▶ [Problem requirements]
For this exercise, retype every record below exactly and keep the pictures out.

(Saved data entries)
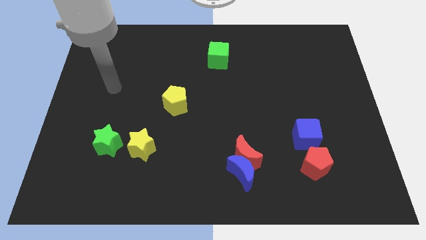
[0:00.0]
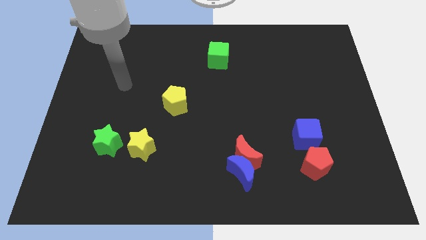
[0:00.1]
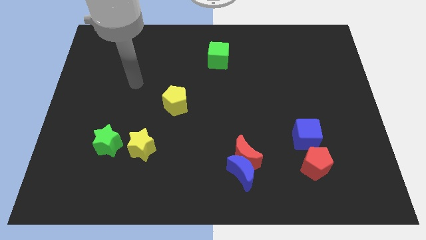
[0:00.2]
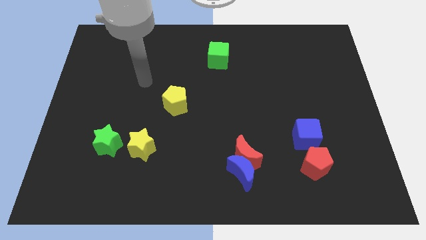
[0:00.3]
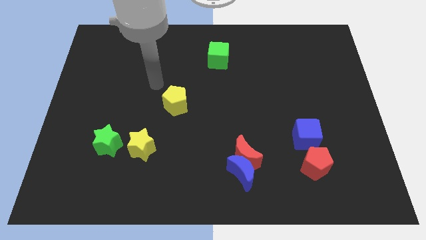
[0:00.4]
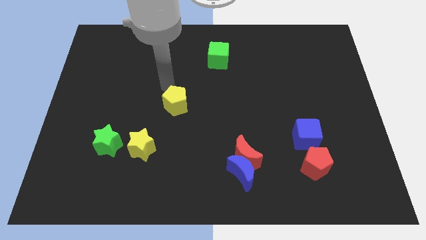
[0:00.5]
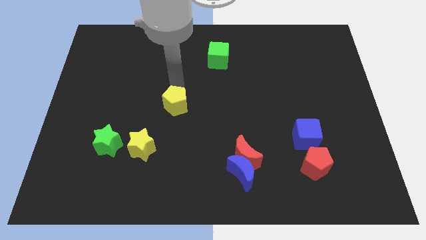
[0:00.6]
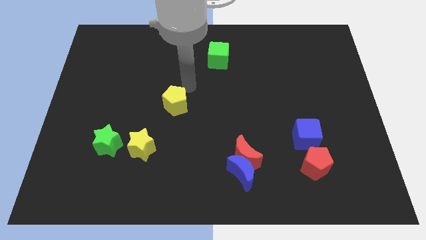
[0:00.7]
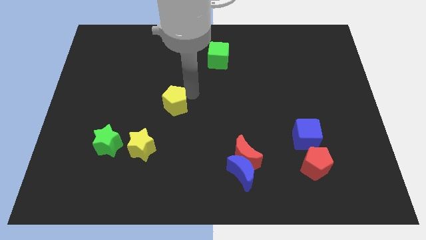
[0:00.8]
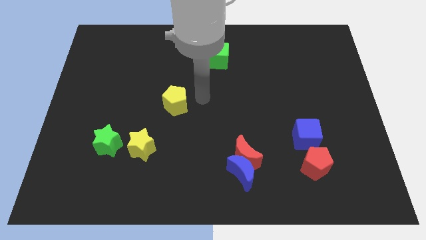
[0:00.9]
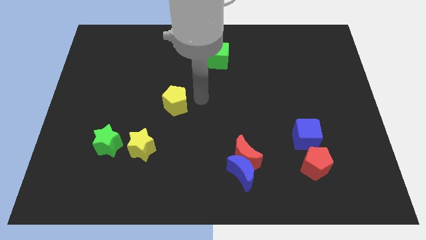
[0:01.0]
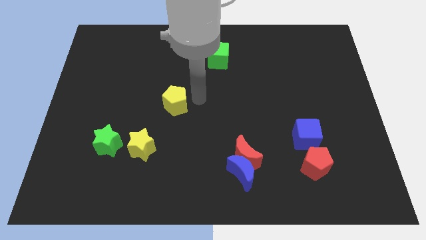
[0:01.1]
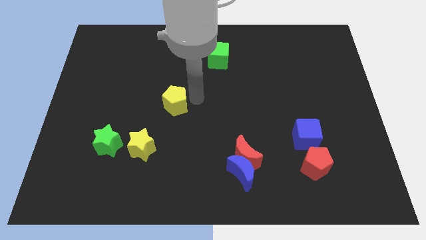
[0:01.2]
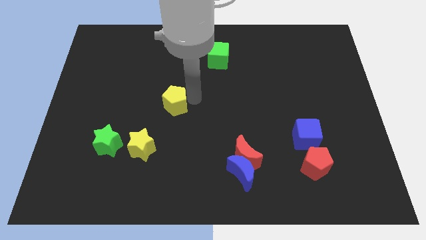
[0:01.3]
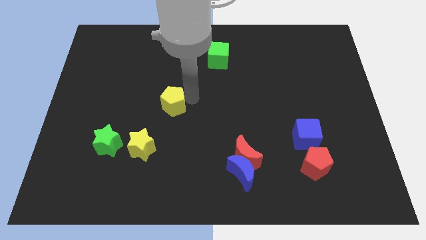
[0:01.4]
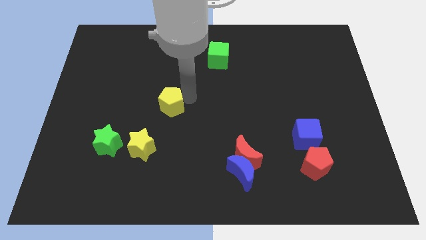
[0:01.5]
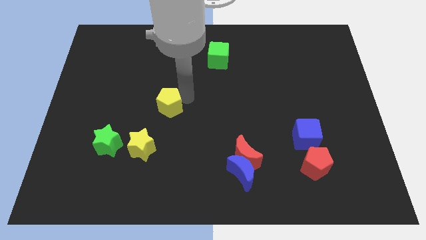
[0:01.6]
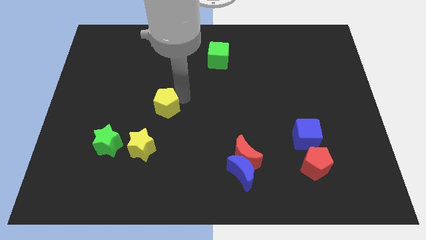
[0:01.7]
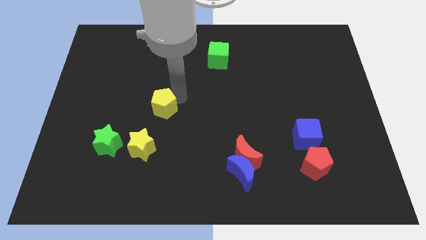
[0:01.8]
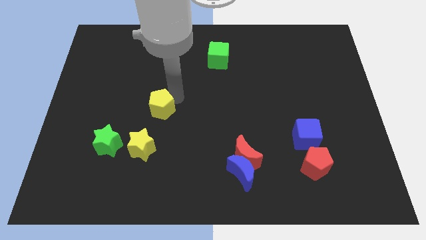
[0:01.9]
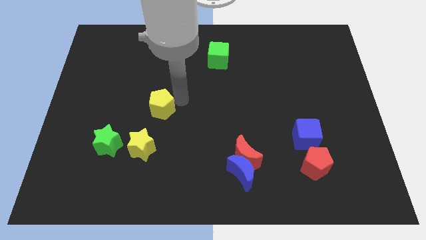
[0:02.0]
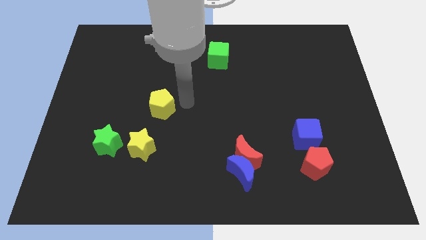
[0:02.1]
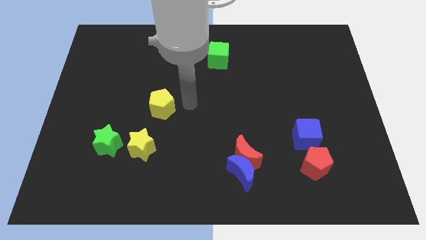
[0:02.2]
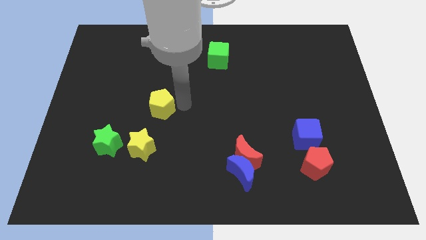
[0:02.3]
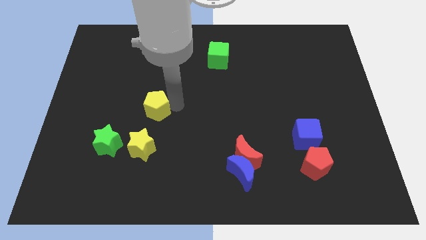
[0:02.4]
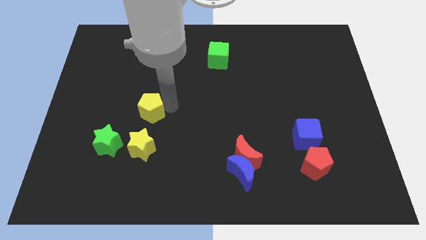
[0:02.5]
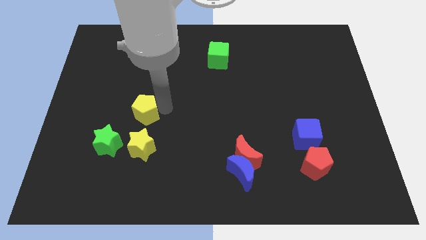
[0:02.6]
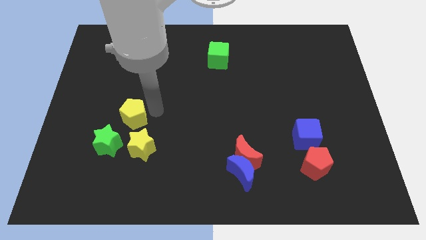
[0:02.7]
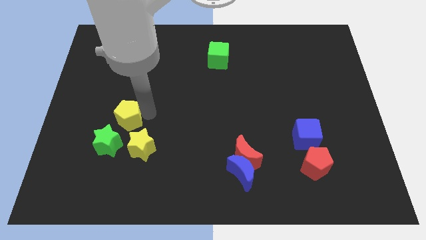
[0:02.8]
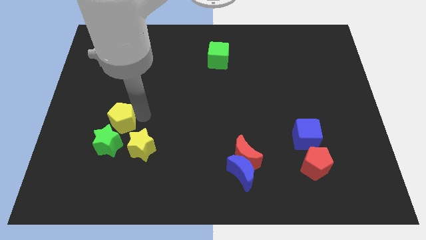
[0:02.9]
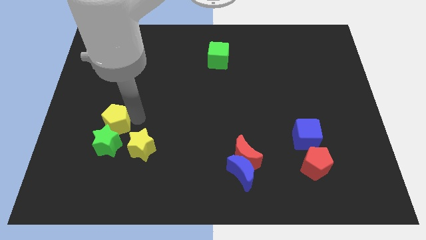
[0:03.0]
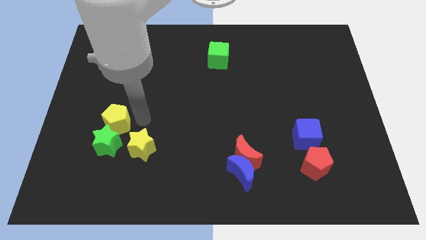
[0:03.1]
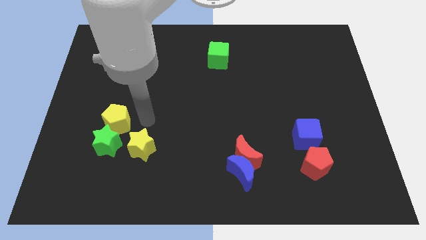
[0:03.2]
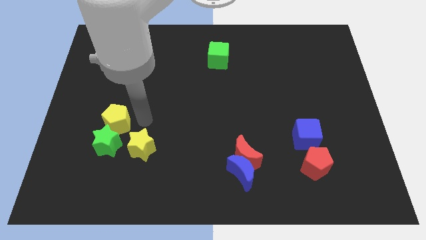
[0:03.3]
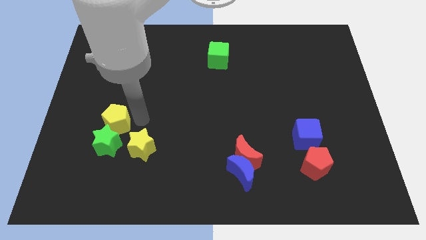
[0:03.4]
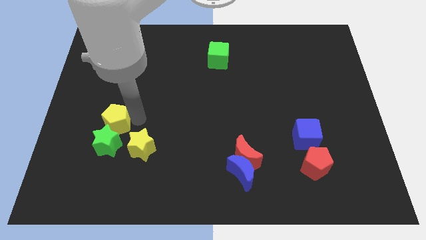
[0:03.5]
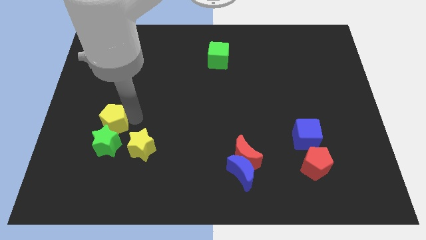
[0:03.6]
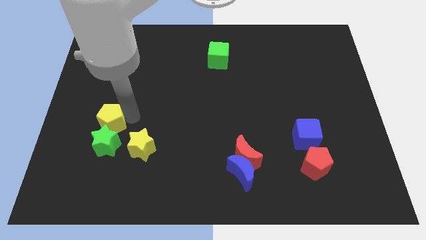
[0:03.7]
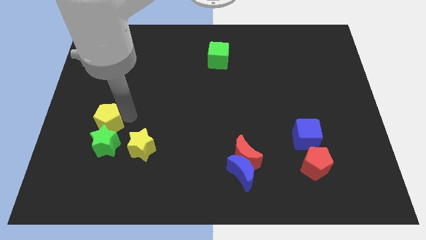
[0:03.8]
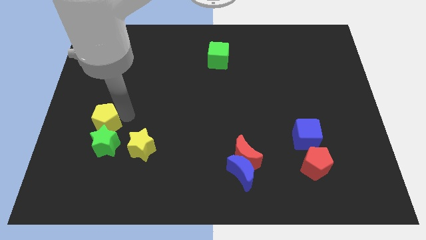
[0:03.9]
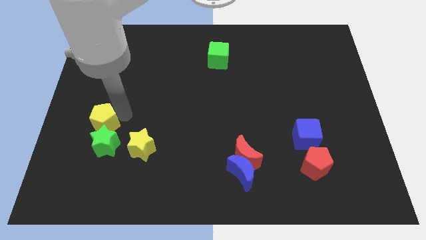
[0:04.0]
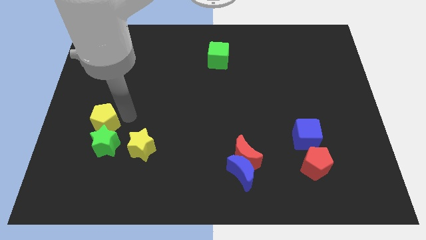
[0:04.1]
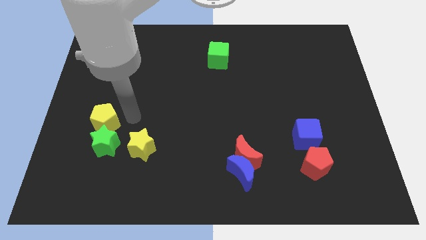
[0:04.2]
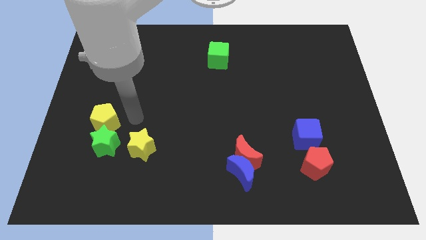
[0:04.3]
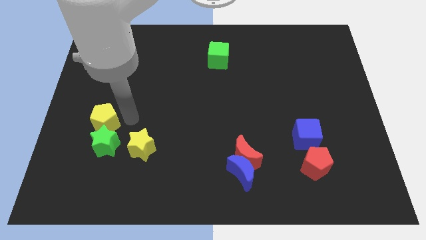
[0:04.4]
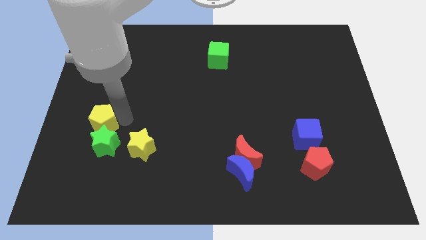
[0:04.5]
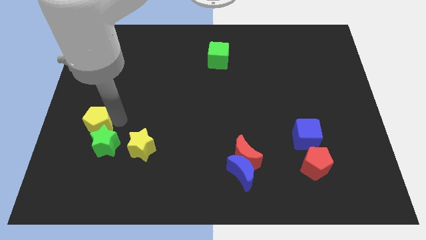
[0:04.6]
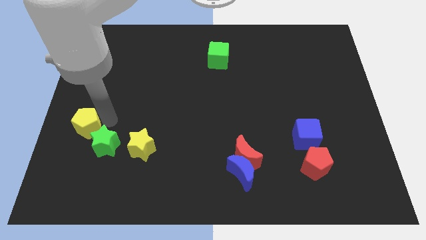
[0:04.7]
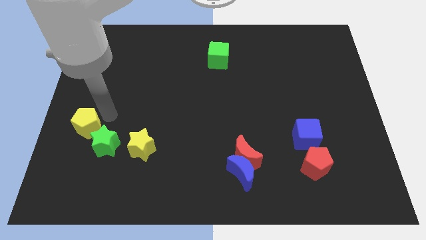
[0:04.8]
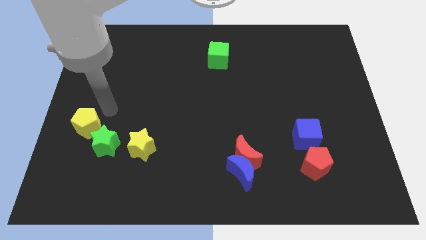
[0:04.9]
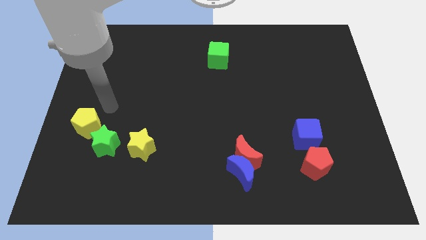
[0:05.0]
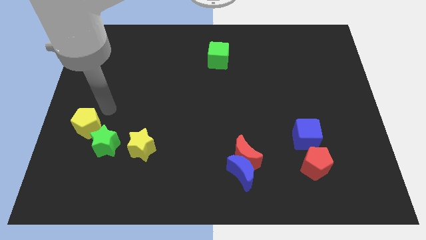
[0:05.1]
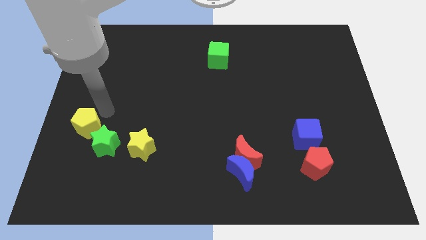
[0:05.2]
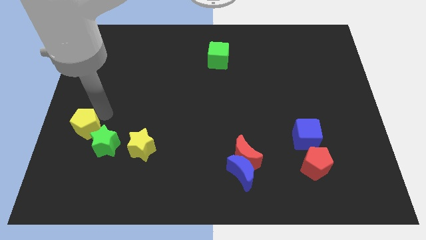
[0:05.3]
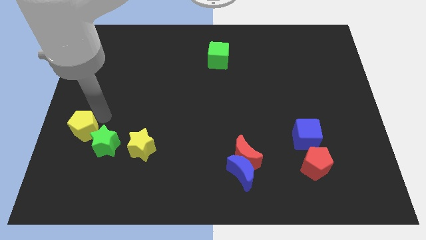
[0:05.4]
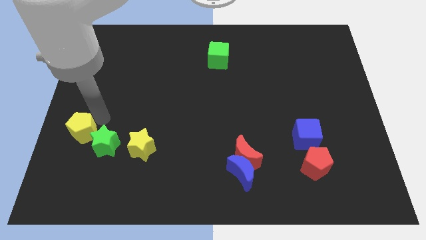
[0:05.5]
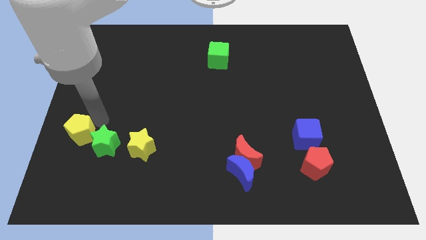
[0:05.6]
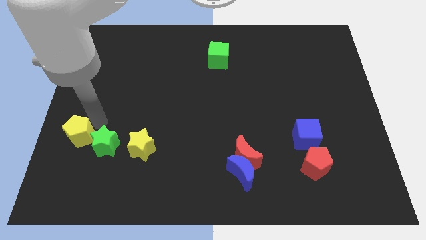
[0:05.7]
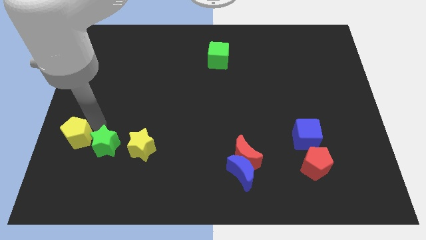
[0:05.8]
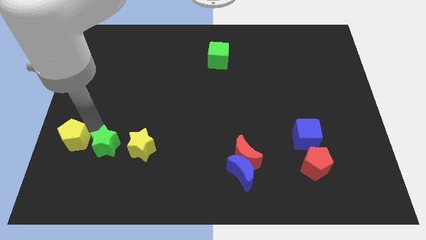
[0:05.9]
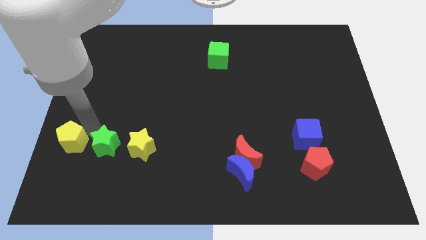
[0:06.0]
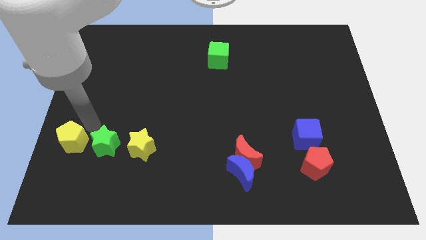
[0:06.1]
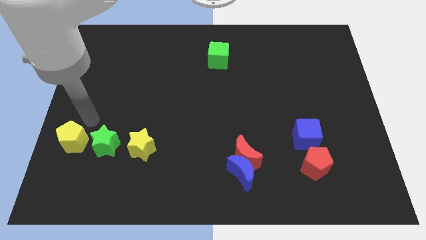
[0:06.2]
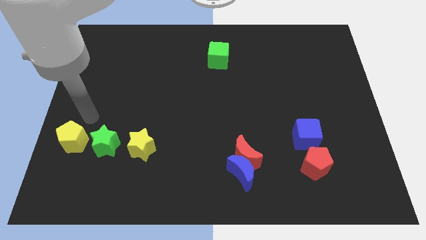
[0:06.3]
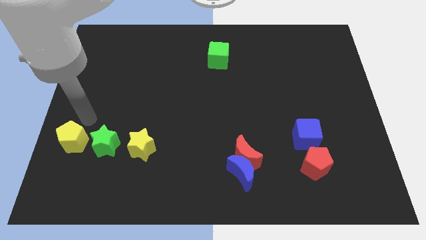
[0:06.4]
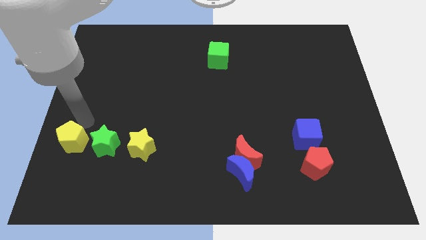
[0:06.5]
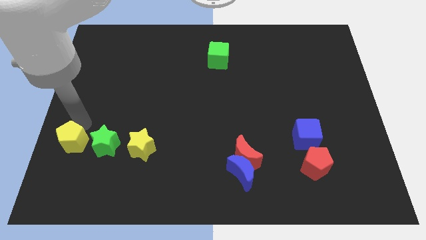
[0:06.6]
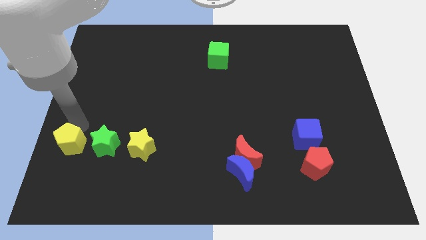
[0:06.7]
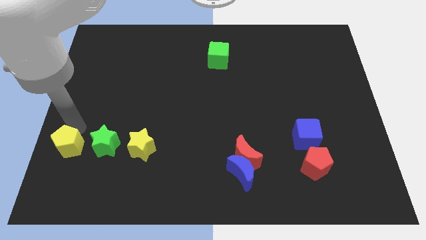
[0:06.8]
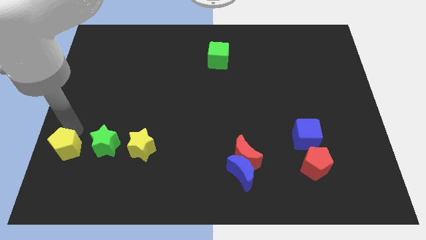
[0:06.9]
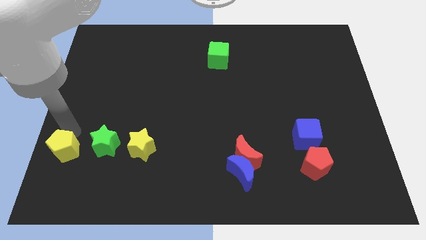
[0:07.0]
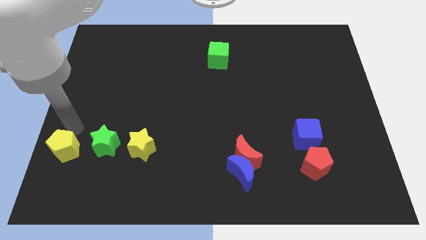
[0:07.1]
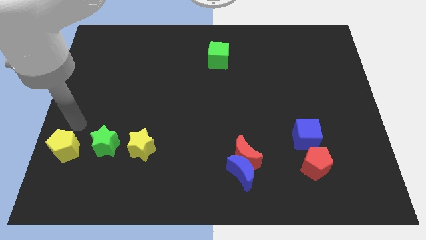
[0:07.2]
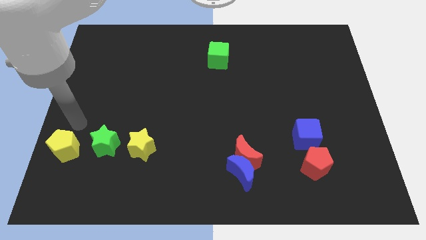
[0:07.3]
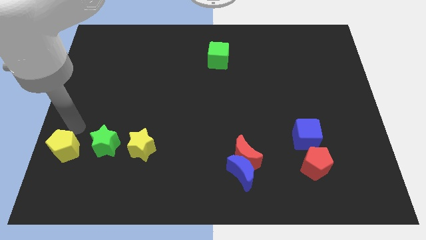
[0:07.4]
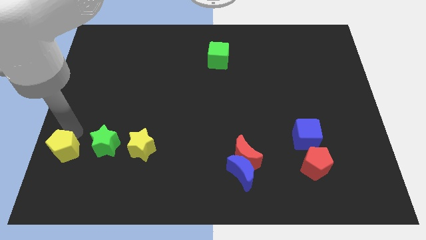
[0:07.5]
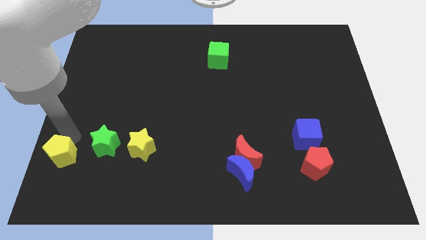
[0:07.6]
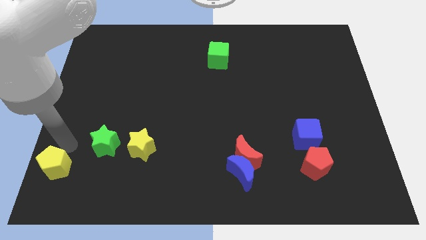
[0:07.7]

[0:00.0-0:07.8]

▶ [Result below]
[0:00.0]
[0:00.1]
[0:00.2]
[0:00.3]
[0:00.4]
[0:00.5]
[0:00.6]
[0:00.7]
[0:00.8]
[0:00.9]
[0:01.0]
[0:01.1]
[0:01.2]
[0:01.3]
[0:01.4]
[0:01.5]
[0:01.6]
[0:01.7]
[0:01.8]
[0:01.9]
[0:02.0]
[0:02.1]
[0:02.2]
[0:02.3]
[0:02.4]
[0:02.5]
[0:02.6]
[0:02.7]
[0:02.8]
[0:02.9]
[0:03.0]
[0:03.1]
[0:03.2]
[0:03.3]
[0:03.4]
[0:03.5]
[0:03.6]
[0:03.7]
[0:03.8]
[0:03.9]
[0:04.0]
[0:04.1]
[0:04.2]
[0:04.3]
[0:04.4]
[0:04.5]
[0:04.6]
[0:04.7]
[0:04.8]
[0:04.9]
[0:05.0]
[0:05.1]
[0:05.2]
[0:05.3]
[0:05.4]
[0:05.5]
[0:05.6]
[0:05.7]
[0:05.8]
[0:05.9]
[0:06.0]
[0:06.1]
[0:06.2]
[0:06.3]
[0:06.4]
[0:06.5]
[0:06.6]
[0:06.7]
[0:06.8]
[0:06.9]
[0:07.0]
[0:07.1]
[0:07.2]
[0:07.3]
[0:07.4]
[0:07.5]
[0:07.6]
[0:07.7]

[0:00.0-0:07.8]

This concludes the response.